Flinders chart of Spencer’s Gulf and the Gulf of St Vincent is important for a number of reasons. This chart’s cartographic importance to the knowledge of the coastlines of Australia is in the same category as that of Cook’s chart of the east coast of Australia. Before Flinders charted the region the map of Australia would depict the southern coastline as a curved or dotted line joining western Australia to the north western tip of Tasmania or it was simply left blank. This piece of coastline would be the last large missing piece to the map of Australia, after which only small unexplored parts were still to be explored.

This chart shows the region from the head of the Great Australian Bight to Encounter Bay, explored by Flinders on the Investigator in 1802. Encounter bay shows the point where Flinders and the Investigator met with the French explorer Baudin who was simultaneously charting the Australian coast at the time. Interestingly after Flinders was imprisoned on Mauritius during his homeward voyage to England, Baudin’s voyage would claim sole achievement of the discovery of the whole region.
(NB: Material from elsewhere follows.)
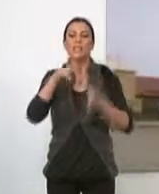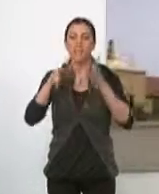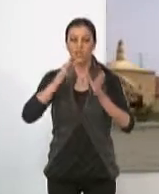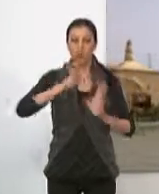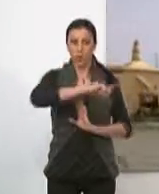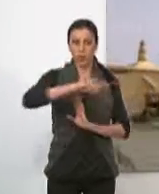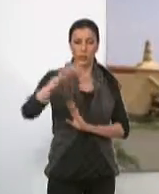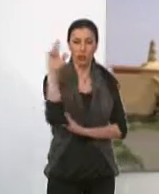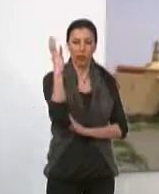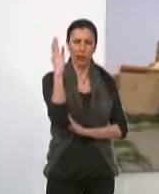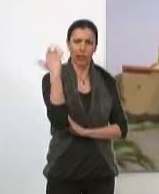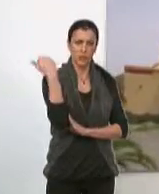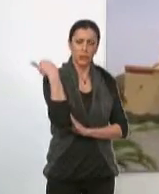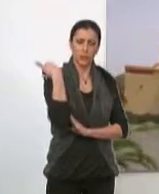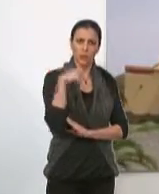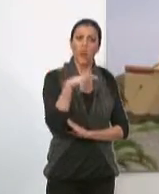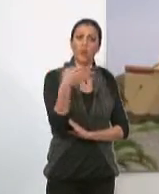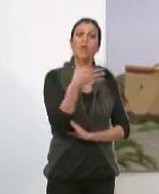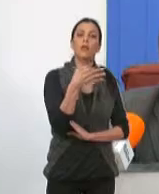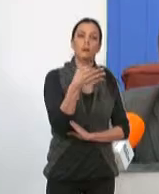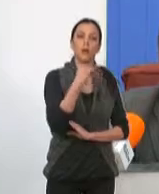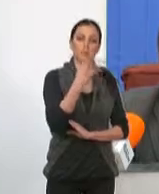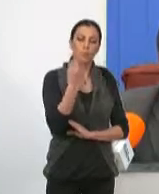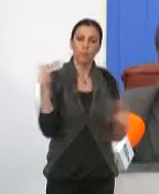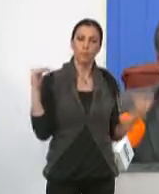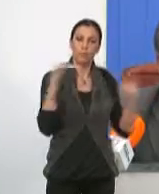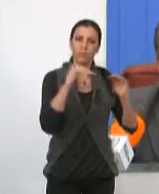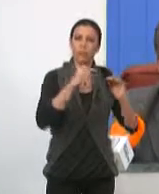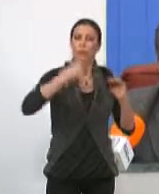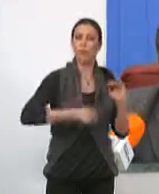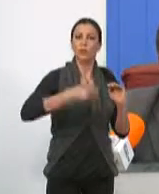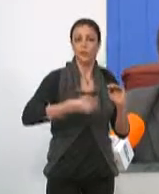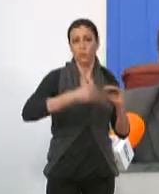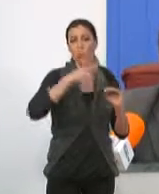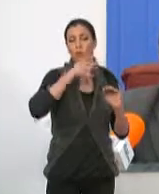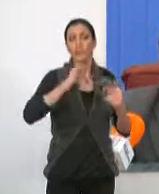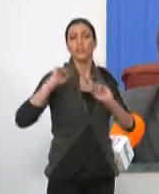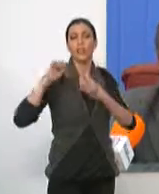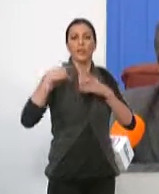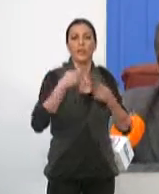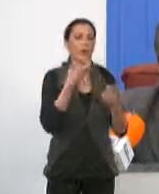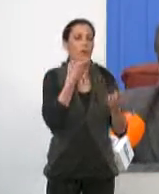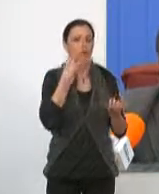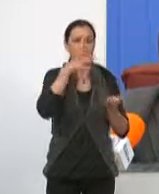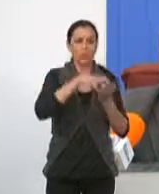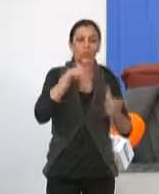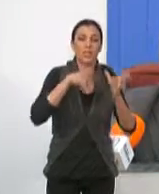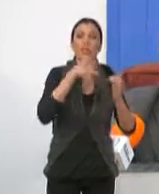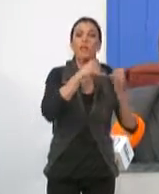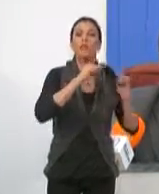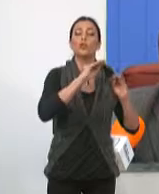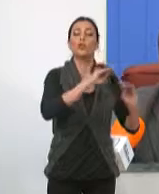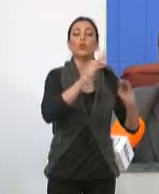chiringuitos de la costa tropical que ha reunido a un número importante en su tradicional expo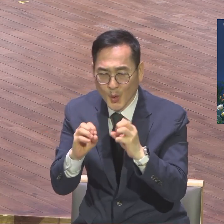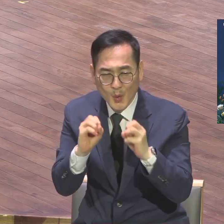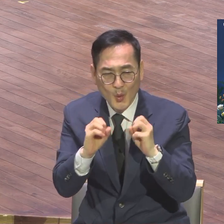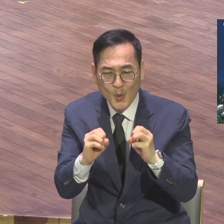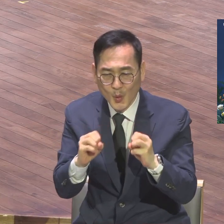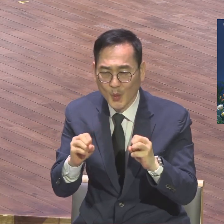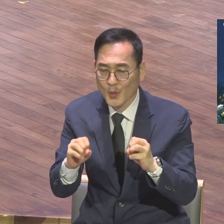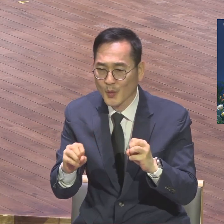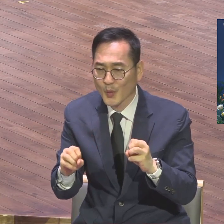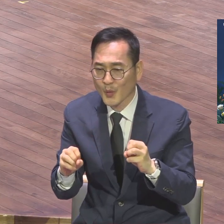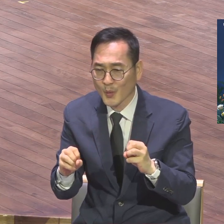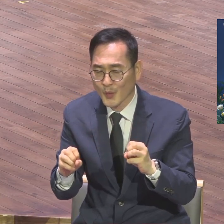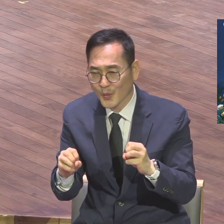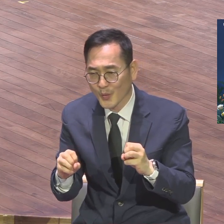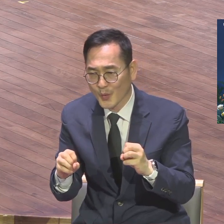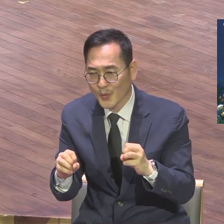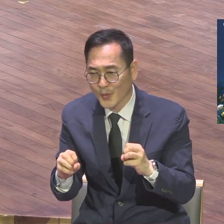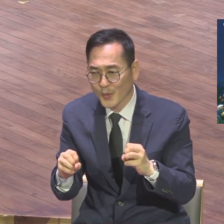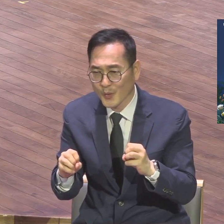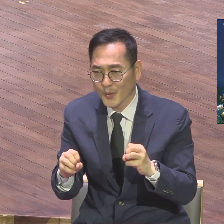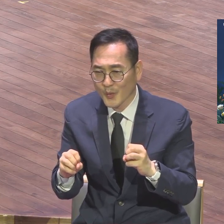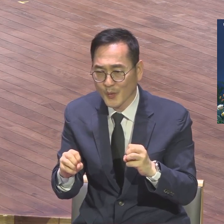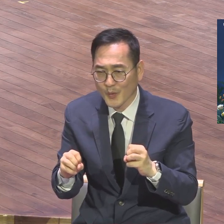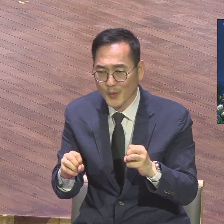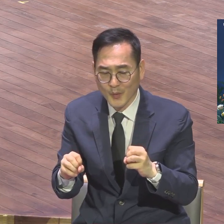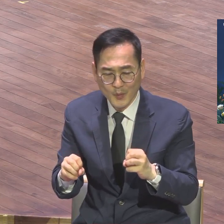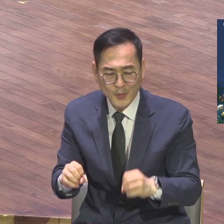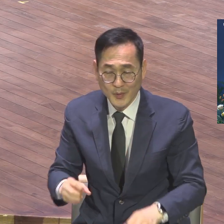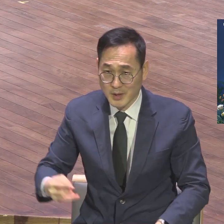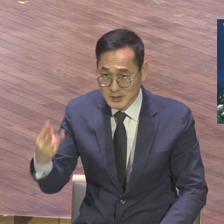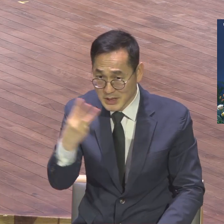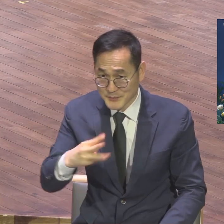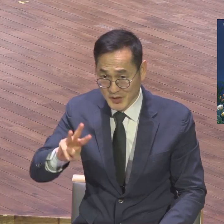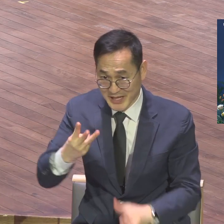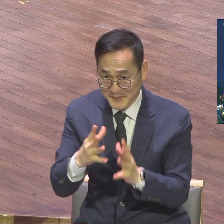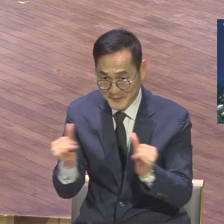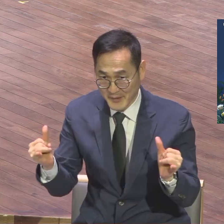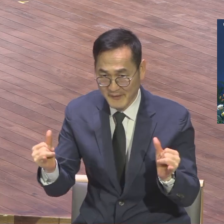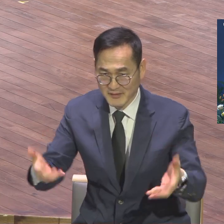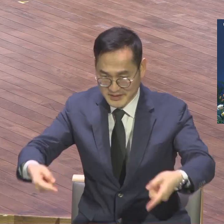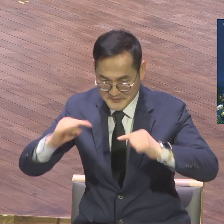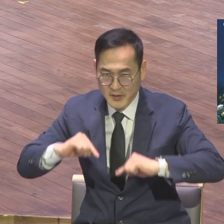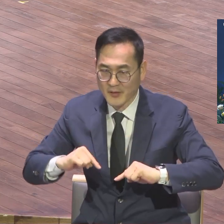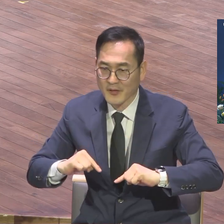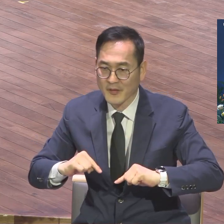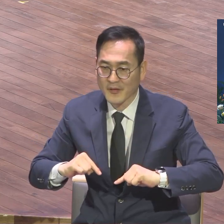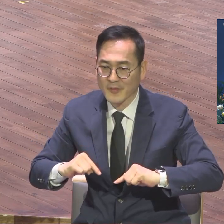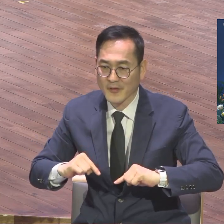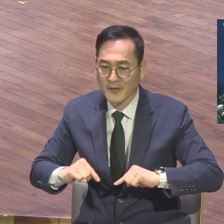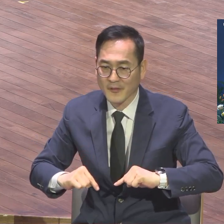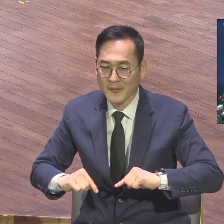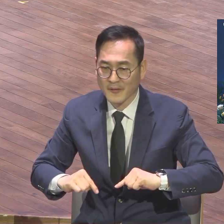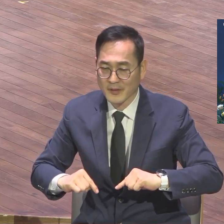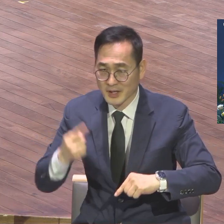그야말로 행사를 해서 그렇게 많이 안 왔어요. 3300명이 와가지고 교회 정착을 1800명이 하고 그래서

It was not until Flinders returned to England some six years after his initial imprisonment and the publishing of his charts coupled with the loss of the French in the Napoleonic wars would Flinders claim for the region’s first discovery be established and uncompromised.

Matthew Flinders (1774-1814) was an accomplished navigator and cartographer, having circumnavigated the Australian continent, proved that Tasmania was not joined to the mainland, and played a major part in the naming of Australia. Despite Flinders’ short life he accomplished some exceptional feats. His charts were of a particularly high standard and though published in 1814, many continued to be republished and used until recent years. Flinders’ most famous chart was of the Australian continent, published in 1814, which is famously named ‘General Chart of Terra Australis or Australia’. It was the first prominent chart to specifically label the continent as Australia. Sadly, Flinders journeys were marked by some disappointments including shipwrecks, poor vessels, and most notably his six year imprisonment by the French on Mauritius. His imprisonment meant that he was not the first to publish the newly discovered regions of Australia or a ‘complete’ map of the continent. However in 1814 shortly before his death his famous atlas was released with 16 charts detailing a majority of the Australian coastline.